Tom Teeling didn't own his house and its land in Athgaine Great but he was the official tenant, and it doesn't appear that after his death his wife Mary was one of the tenants who bought her home in 1904 when according to the Meath Chronicle of 17th September reported by Tony Coogan "on Friday, 9th September, tenants on the estate of C. A. Tisdall met with the agent at his residence in Martry and signed agreements to purchase their holdings on the following terms - 25% or 23 years on non-judicial rents". The 1911 census shows Tom's son Peter still living there with his nephew James Teeling but also now with his niece Elizabeth 'Lillie' Duffy.

Tom's death certificate gives his age as 60, while he was likely to be at least 62. His son James's death certificate underestimated his age by three years while that of the wife of his son John gets it wrong by ten years. Such errors are not unusual and continue to this day.

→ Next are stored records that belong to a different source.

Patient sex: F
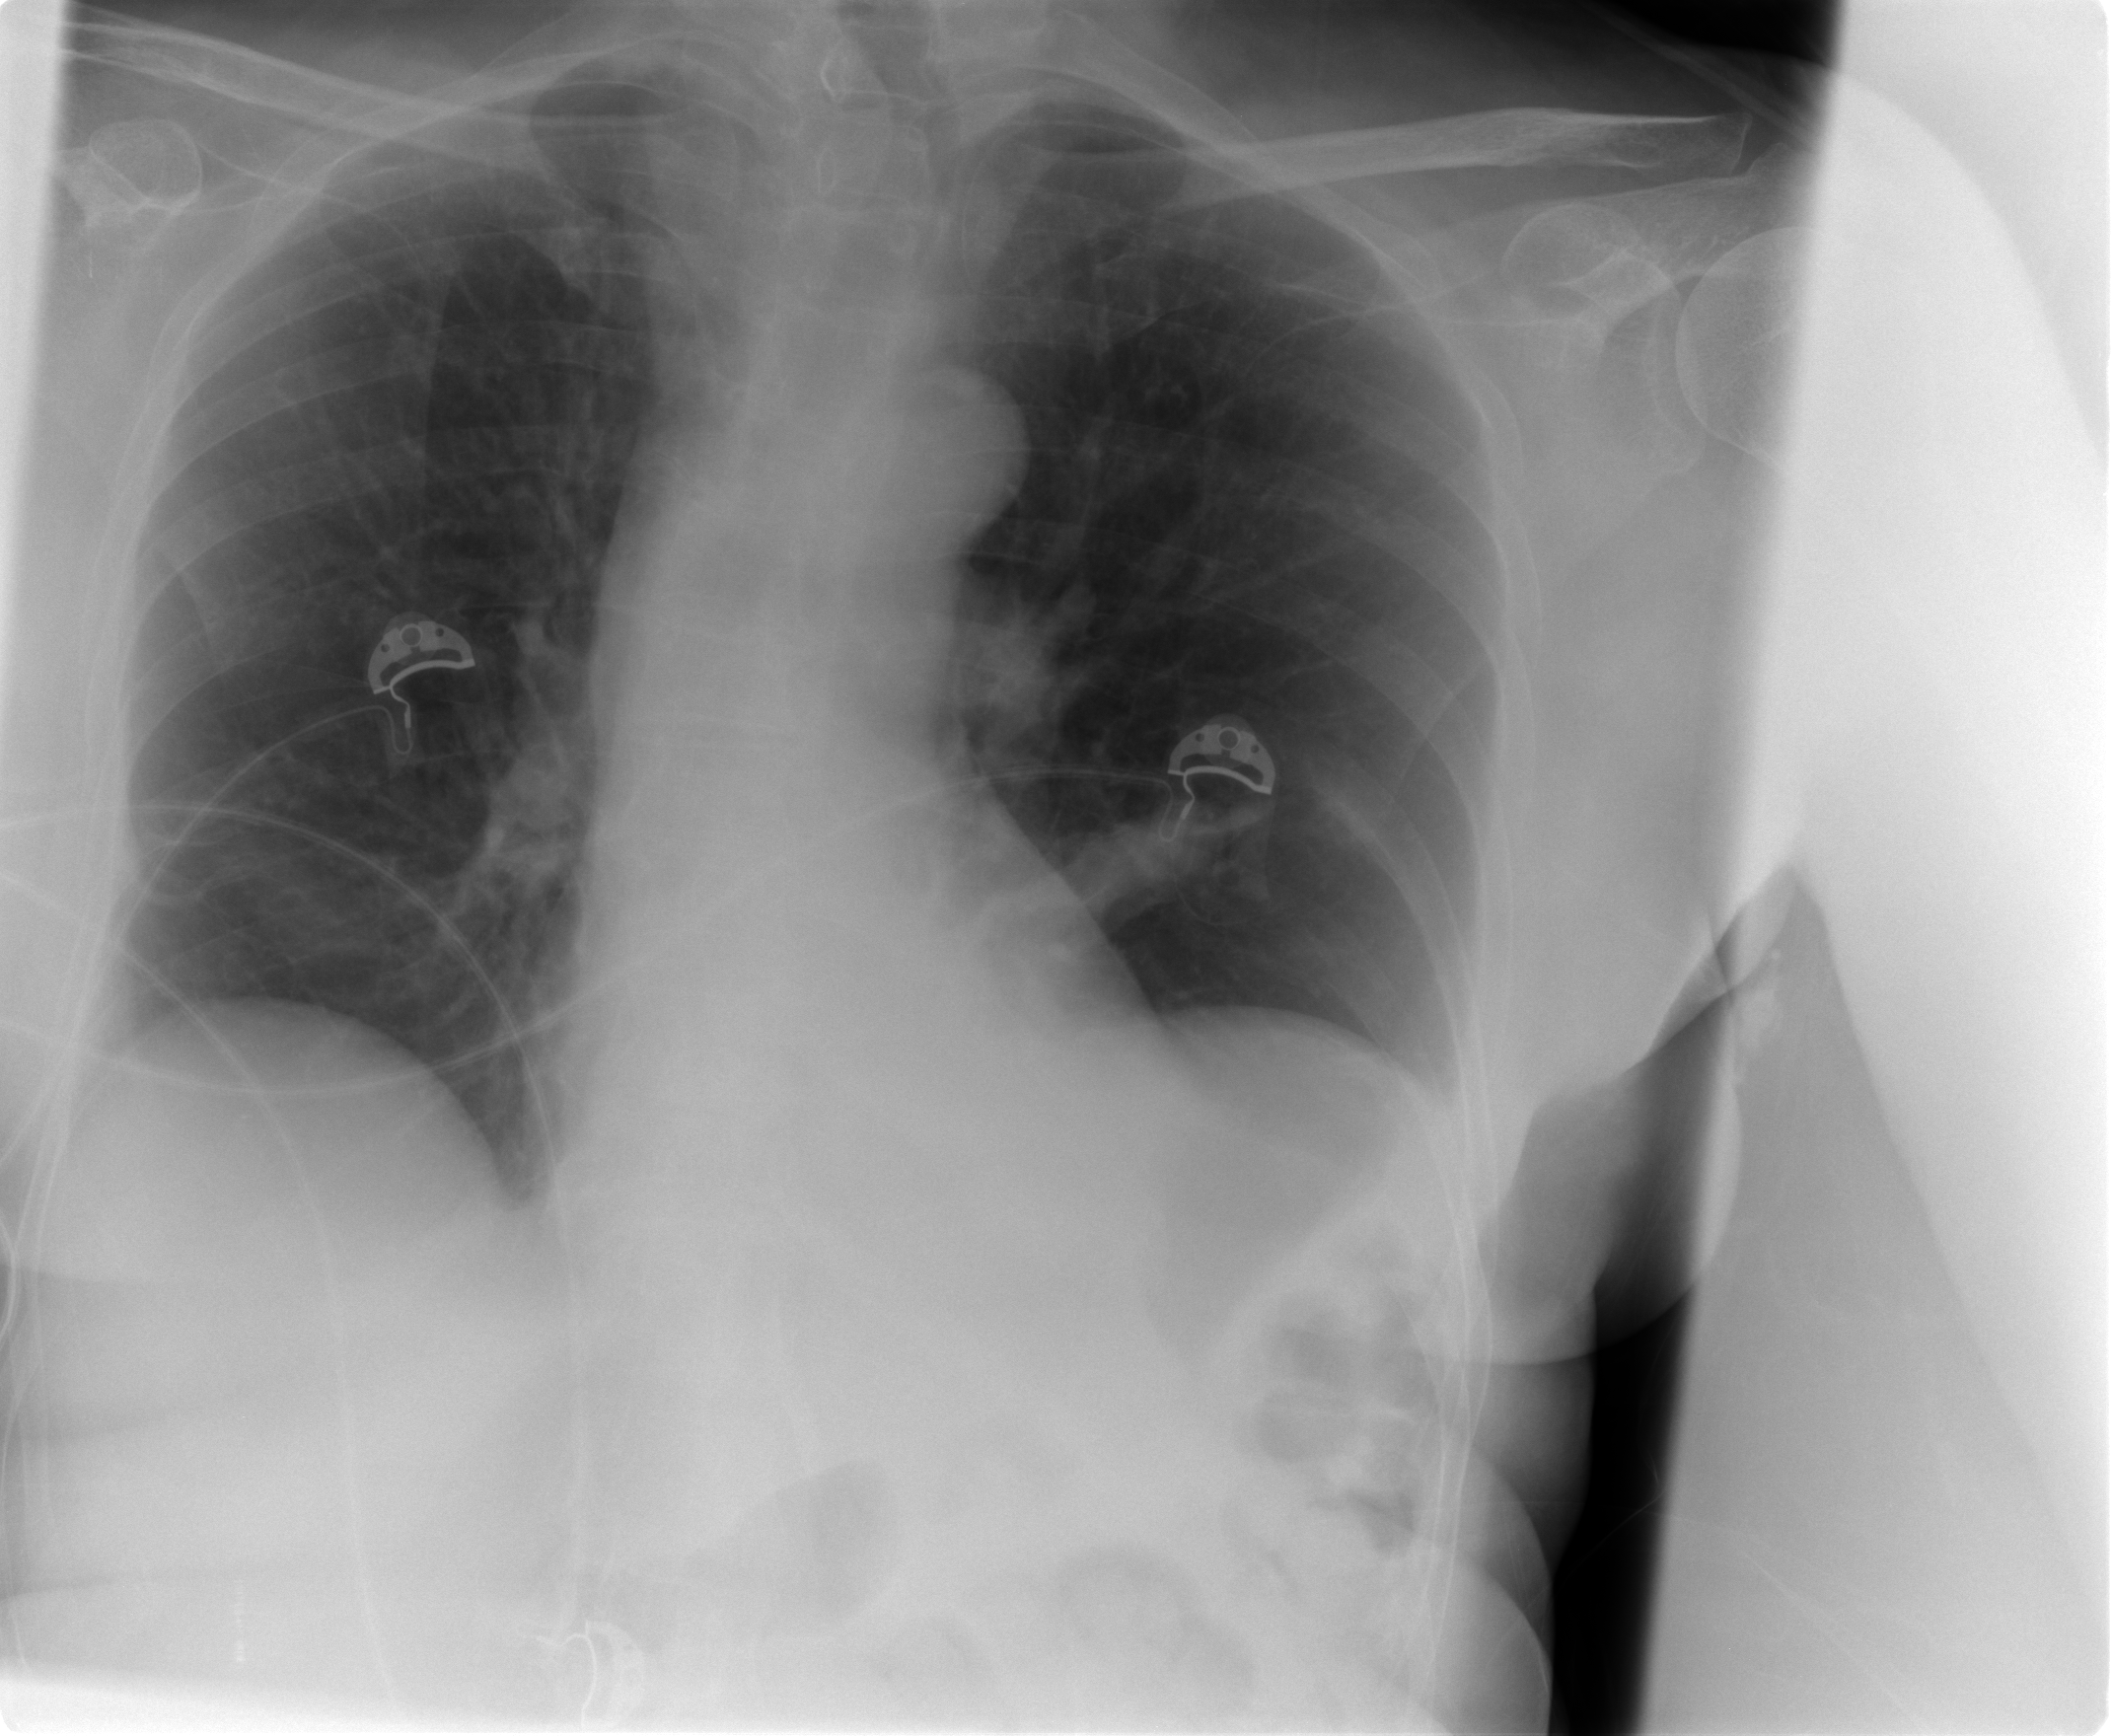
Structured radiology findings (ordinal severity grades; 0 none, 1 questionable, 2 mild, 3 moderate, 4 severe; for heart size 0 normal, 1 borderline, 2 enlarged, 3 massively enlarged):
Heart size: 0
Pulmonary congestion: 2
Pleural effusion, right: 0
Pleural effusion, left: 0
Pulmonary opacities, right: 0
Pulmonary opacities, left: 0
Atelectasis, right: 2
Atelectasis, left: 2

Tom's occupation was given as a 'herd' between 1854 & 1877, and also after his death on his daughter Margaret's 1894 marriage and widow's 1908 death civil registrations. But in 1877 his oldest son Edward's marriage certificate describes him as a 'land steward'. A land steward or land agent was the next step up from a herd who would be in charge of a herd of animals. A land steward was the landowner's representative who among other things collected the rents from tenants. This would explain why the house in Athgaine Great was also described as an office in the Griffiths Valuations of 1854. Again after his death, his daughter Bridget's marriage certificate in 1906 says he had been a 'shepherd' which is a distinct occupation from herd and in line with the dogs he licensed, while both his son James's 1899 death certificate and his daughter Jane's 1907 marriage report that he was a 'labourer' - consistent with the hospital workhouse death registration. It is also consistent with Maureen's report that to supplement his income he also used his own horse and cart to work on the roads, filling potholes.

Of course, some children will also embellish or even lie about their father's occupation to boost his status and some officials will misinterpret what they have been told, but occupations will also vary over a lifetime giving informants the opportunity to pick and choose what they wish to report.